Police carry away the body of Zhou Kehua, the fugitive serial killer and armed robber, from the spot he was shot dead, in Chongqing Municipality, August 14, 2012.
Before Zhou Kehua became one of China‘s most wanted fugitives, he enjoyed reading and collecting detective novels. When he was short of cash as a teenager, he would sometimes sit on the roadside and rent his novels out, an acquaintance told the Chongqing Morning Post. But as an adult Zhou took a more direct and violent route to raising funds: robbing people at gunpoint, then shooting them and leaving them for dead. Police say he is suspected of killing 10 people in a crime spree that spanned eight years and three major Chinese cities.
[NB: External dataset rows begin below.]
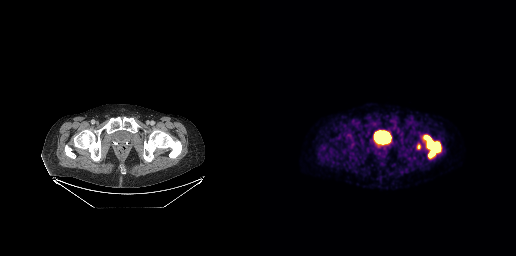
{"modality":"PSMA PET/CT","view":"axial","tracer":"[18F]PSMA-1007","pet_grid":[256,256],"coord_frame":"pet_panel","coord_format":"x0,y0,x1,y1","lesion_bboxes":[[163,135,181,158]],"small_foci_centers":[[158,146]]}
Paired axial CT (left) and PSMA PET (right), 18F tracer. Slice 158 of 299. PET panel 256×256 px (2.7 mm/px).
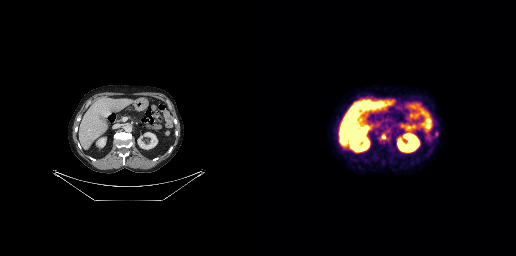
Only PSMA-avid lesion pieces thinner than 2 px on this slice (not listed).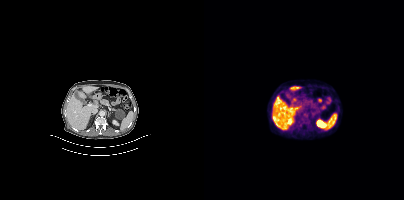
This slice has no annotated PSMA-avid lesion.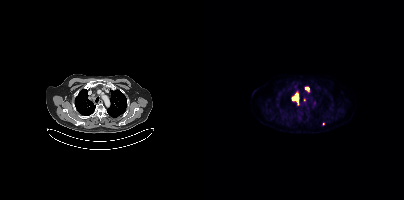
modality: PSMA PET/CT | tracer: 18F-PSMA | view: axial | PET grid: 200×200
Coordinates are on the 200×200 PET (right) panel. PSMA-avid tumor lesion bounding box (x0, y0)-(x1, y1): (88, 93)-(94, 104). Small PSMA-avid foci (2 to 4 px across) near (center x, center y): (102, 88); (119, 124).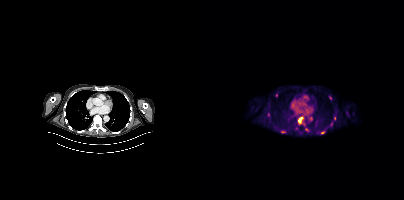
Technique: Two-panel axial: CT | PSMA PET, 18F tracer. acquired on Siemens Biograph mCT Flow 20. slice 259 of 421.
Findings: Coordinates are on the 200×200 PET (right) panel. (showing 5 of 6 foci) PSMA-avid tumor lesion bounding boxes (x, y, width, height): x=95 y=118 w=3 h=5 / x=77 y=131 w=5 h=3. Small PSMA-avid foci (2 to 4 px across) near (center x, center y): (126, 97) / (118, 132) / (64, 114).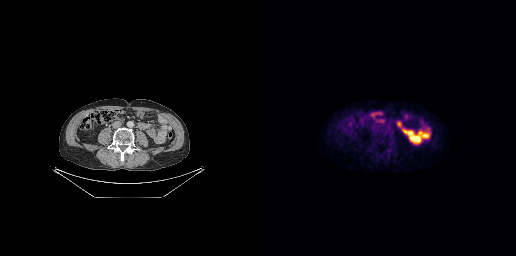
Paired axial CT (left) and PSMA PET (right), [18F]PSMA-1007 tracer. Acquired on GE Discovery 690. This slice has no annotated PSMA-avid lesion.
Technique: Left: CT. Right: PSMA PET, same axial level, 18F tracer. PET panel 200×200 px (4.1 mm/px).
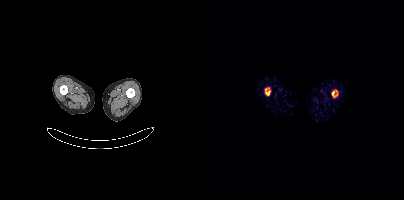
Findings: Coordinates are on the 200×200 PET (right) panel. PSMA-avid tumor lesion bounding boxes (x, y, width, height): x=61 y=87 w=6 h=9; x=127 y=90 w=7 h=8.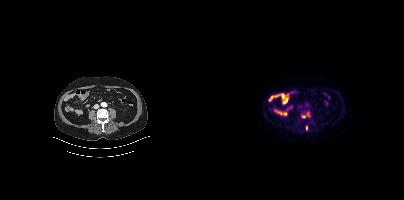
Two-panel axial: CT | PSMA PET, 18F-PSMA tracer. PET panel 200×200 px (4.1 mm/px). Coordinates are on the 200×200 PET (right) panel. Small PSMA-avid foci (2 to 4 px across) near (center x, center y): (102, 128) | (99, 116).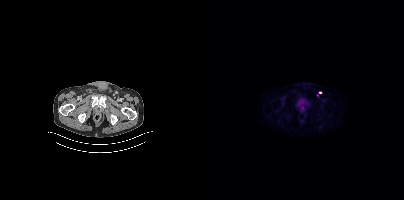
{"modality":"PSMA PET/CT","view":"axial","tracer":"[18F]PSMA-1007","pet_grid":[200,200],"coord_frame":"pet_panel","coord_format":"x0,y0,x1,y1","lesion_bboxes":[],"small_foci_centers":[[116,92]]}
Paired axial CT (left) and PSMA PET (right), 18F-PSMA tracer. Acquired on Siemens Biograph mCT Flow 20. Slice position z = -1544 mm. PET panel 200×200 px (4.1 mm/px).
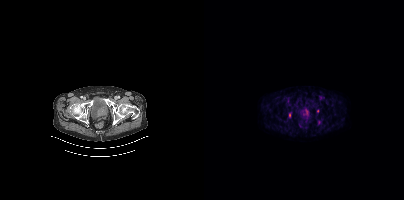
Coordinates are on the 200×200 PET (right) panel. Small PSMA-avid foci (2 to 4 px across) near (center x, center y): (113, 111); (85, 115); (115, 121).
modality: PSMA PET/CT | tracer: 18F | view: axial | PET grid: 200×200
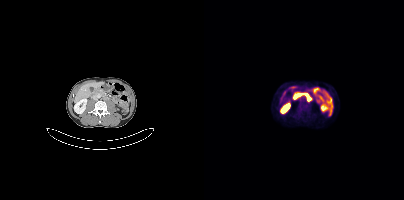
Coordinates are on the 200×200 PET (right) panel. Small PSMA-avid focus (2 to 4 px across) near (center x, center y): (96, 107).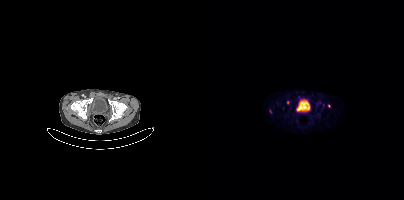
Findings: Coordinates are on the 200×200 PET (right) panel. Small PSMA-avid foci (2 to 4 px across) near (center x, center y): (83, 102); (124, 105).
Technique: Left: CT. Right: PSMA PET, same axial level, [68Ga]Ga-PSMA-11 tracer. PET panel 200×200 px (4.1 mm/px).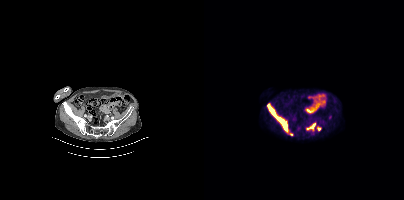
- Paired axial CT (left) and PSMA PET (right), 18F tracer
Findings: Coordinates are on the 200×200 PET (right) panel. (showing 4 of 5 foci) PSMA-avid tumor lesion bounding boxes (x, y, width, height): x=63 y=103 w=22 h=30 | x=102 y=122 w=11 h=10 | x=113 y=126 w=4 h=5. Small PSMA-avid focus (2 to 4 px across) near (center x, center y): (87, 134).
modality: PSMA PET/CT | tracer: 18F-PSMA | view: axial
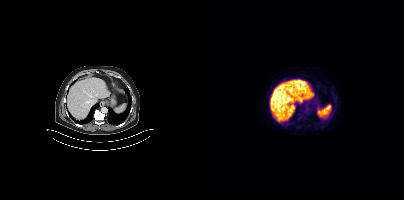
No tumor lesions annotated on this slice.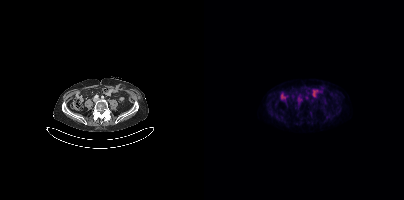
Findings: Negative for PSMA-avid disease on this slice.
Technique: Left: CT. Right: PSMA PET, same axial level, 18F tracer. acquired on Siemens Biograph mCT Flow 20. slice position z = -1550 mm. PET panel 200×200 px (4.1 mm/px).
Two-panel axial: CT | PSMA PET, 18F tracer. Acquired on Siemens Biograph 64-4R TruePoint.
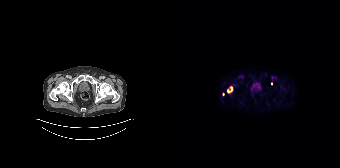
Coordinates are on the 168×168 PET (right) panel. PSMA-avid tumor lesion bounding box (x0, y0)-(x1, y1): (55, 86)-(60, 93). Small PSMA-avid foci (2 to 4 px across) near (center x, center y): (99, 83); (51, 94).
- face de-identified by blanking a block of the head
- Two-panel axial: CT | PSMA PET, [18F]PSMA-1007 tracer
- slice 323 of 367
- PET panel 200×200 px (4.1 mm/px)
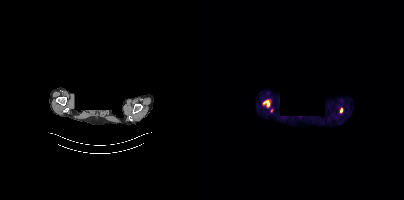
Findings: Negative for PSMA-avid disease on this slice.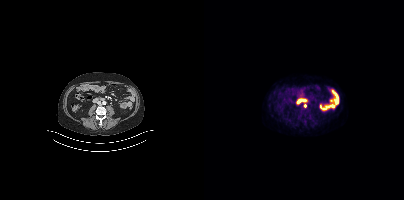
Paired axial CT (left) and PSMA PET (right), [18F]PSMA-1007 tracer. PET panel 200×200 px (4.1 mm/px). Coordinates are on the 200×200 PET (right) panel. Small PSMA-avid focus (2 to 4 px across) near (center x, center y): (101, 105).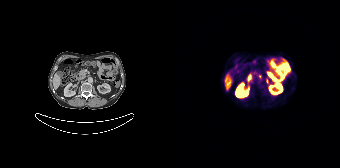
No tumor lesions annotated on this slice. Paired axial CT (left) and PSMA PET (right), 68Ga tracer. Acquired on Siemens Biograph 64-4R TruePoint. Slice 80 of 165. PET panel 168×168 px (4.1 mm/px).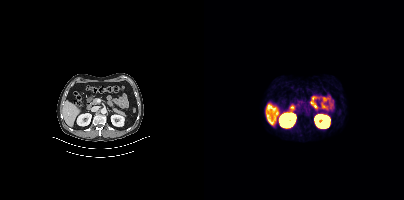
Paired axial CT (left) and PSMA PET (right), 68Ga-PSMA tracer. Slice 204 of 407. PET panel 200×200 px (4.1 mm/px). No PSMA-avid tumor lesions on this slice.

It came to a bloody end Tuesday when Zhou, 42, was gunned down by two plainclothes officers in Chongqing, his hometown in southwestern China.
Zhou’s death brought an end to a four-day manhunt that saw thousands of police, military police and troops scouring hillsides in Chongqing’s rural districts. The search was triggered by a shooting outside of a Bank of China branch in the city’s Shapingba district that left a woman dead and two others injured. The assailant, who police identified as Zhou, made off with $11,000, according to state media reports. The authorities feared that he would disappear into the rural districts near where he grew up, but instead he was found early Tuesday on a street in one of Chongqing’s urban districts, possibly preparing for another heist.
Private firearm ownership is illegal in China and gun crimes are rare. The shooting of three civilians in Chongqing on Friday stirred public concern and revived memories of 2009, when a handful of shootings helped spur a massive crackdown on crime. That campaign helped raise the national stature of Chongqing’s then-leader, Bo Xilai, who has since had a spectacular fall from grace. His wife, Gu Kailai, went on trial last week for the poisoning of a British businessman, and Bo, who was removed from office in March, is under investigation by the Communist Party’s internal discipline system.